Tout de ce pas allez dire à cet homme

Qu’il peut venir, et que je n’y suis point.

Je veux ici me cacher tout à point.

Avant le coup demandez la cédule.

De la donner je ne crois qu’il recule.

Puis tousserez afin de m’avertir ;

Mais haut et clair, et plutôt deux fois qu’une.

Lors de mon coin vous me verrez sortir

Incontinent, de crainte de fortune. »

 

Ainsi fut dit, ainsi s’exécuta.

Dont le mari puis après se vanta ;

Si que chacun glosait sur ce mystère.

« Mieux eût valu tousser après l’affaire,

(Dit à la belle un des plus gros bourgeois)

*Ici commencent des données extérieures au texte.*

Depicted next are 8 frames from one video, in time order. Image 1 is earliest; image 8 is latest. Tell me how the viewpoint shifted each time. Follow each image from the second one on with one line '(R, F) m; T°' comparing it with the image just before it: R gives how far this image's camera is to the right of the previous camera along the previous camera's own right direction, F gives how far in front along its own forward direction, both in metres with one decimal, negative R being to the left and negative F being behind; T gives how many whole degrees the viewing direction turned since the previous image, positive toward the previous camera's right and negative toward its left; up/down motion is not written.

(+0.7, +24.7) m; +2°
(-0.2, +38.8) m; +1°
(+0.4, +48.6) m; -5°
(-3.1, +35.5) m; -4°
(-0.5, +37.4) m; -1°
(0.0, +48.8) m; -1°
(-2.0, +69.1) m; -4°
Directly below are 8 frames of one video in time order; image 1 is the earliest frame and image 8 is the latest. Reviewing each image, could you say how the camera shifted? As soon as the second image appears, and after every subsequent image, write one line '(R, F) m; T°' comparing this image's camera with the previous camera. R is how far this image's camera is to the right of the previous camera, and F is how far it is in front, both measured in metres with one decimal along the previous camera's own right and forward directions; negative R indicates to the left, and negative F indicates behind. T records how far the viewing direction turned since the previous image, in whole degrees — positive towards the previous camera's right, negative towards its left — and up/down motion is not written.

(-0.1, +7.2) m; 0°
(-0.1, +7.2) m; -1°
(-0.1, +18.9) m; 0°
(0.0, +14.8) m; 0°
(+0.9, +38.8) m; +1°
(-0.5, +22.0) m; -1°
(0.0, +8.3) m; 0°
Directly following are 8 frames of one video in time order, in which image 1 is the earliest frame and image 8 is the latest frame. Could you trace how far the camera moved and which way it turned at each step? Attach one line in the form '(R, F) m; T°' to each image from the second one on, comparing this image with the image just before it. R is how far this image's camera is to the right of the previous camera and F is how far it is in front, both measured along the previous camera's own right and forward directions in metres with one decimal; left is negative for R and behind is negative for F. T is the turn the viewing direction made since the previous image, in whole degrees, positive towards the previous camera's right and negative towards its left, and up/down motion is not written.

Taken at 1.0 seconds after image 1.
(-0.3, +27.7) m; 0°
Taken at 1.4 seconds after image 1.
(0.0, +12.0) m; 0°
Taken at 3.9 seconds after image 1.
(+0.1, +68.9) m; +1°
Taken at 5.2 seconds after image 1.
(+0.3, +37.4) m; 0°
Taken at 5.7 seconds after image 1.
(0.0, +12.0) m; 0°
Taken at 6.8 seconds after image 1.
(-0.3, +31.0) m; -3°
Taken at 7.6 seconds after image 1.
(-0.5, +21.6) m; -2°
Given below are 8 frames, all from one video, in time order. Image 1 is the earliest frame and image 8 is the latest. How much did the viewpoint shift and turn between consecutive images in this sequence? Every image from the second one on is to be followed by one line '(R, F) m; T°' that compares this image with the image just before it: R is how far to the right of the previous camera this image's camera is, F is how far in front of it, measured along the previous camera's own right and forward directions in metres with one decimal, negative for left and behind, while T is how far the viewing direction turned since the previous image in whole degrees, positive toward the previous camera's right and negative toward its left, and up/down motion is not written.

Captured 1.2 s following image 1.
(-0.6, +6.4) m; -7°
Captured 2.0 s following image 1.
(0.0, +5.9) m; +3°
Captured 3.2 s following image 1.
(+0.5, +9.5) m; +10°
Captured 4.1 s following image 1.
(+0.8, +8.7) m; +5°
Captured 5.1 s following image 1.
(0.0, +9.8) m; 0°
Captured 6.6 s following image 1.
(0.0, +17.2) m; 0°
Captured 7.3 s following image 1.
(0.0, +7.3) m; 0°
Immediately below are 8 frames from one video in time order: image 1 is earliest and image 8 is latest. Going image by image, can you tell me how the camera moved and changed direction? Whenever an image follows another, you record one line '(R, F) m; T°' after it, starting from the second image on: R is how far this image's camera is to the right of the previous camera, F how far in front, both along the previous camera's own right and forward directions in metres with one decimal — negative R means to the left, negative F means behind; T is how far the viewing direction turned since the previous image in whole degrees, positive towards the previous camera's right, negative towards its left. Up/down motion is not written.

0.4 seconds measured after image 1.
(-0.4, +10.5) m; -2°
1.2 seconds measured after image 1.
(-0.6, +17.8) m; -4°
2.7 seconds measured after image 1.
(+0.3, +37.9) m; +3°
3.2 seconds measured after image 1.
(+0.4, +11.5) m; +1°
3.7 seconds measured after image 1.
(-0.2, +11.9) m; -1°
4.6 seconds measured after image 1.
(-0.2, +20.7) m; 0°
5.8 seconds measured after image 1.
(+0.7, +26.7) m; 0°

Vous eussiez eu votre compte tous trois.

N’y manquez plus, sauf après de se taire.

Mais qu’en est-il ? or ça, belle, entre nous. »

Elle répond : » Ah Monsieur ! croyez-vous

Que nous ayons tant d’esprit que vos dames ? »

Notez qu’illec avec deux autres femmes,

Du gros bourgeois l’épouse était aussi)

« Je pense bien, continua la belle.

Qu’en pareil cas Madame en use ainsi ;

Mais quoi, chacun n’est pas si sage qu’elle. »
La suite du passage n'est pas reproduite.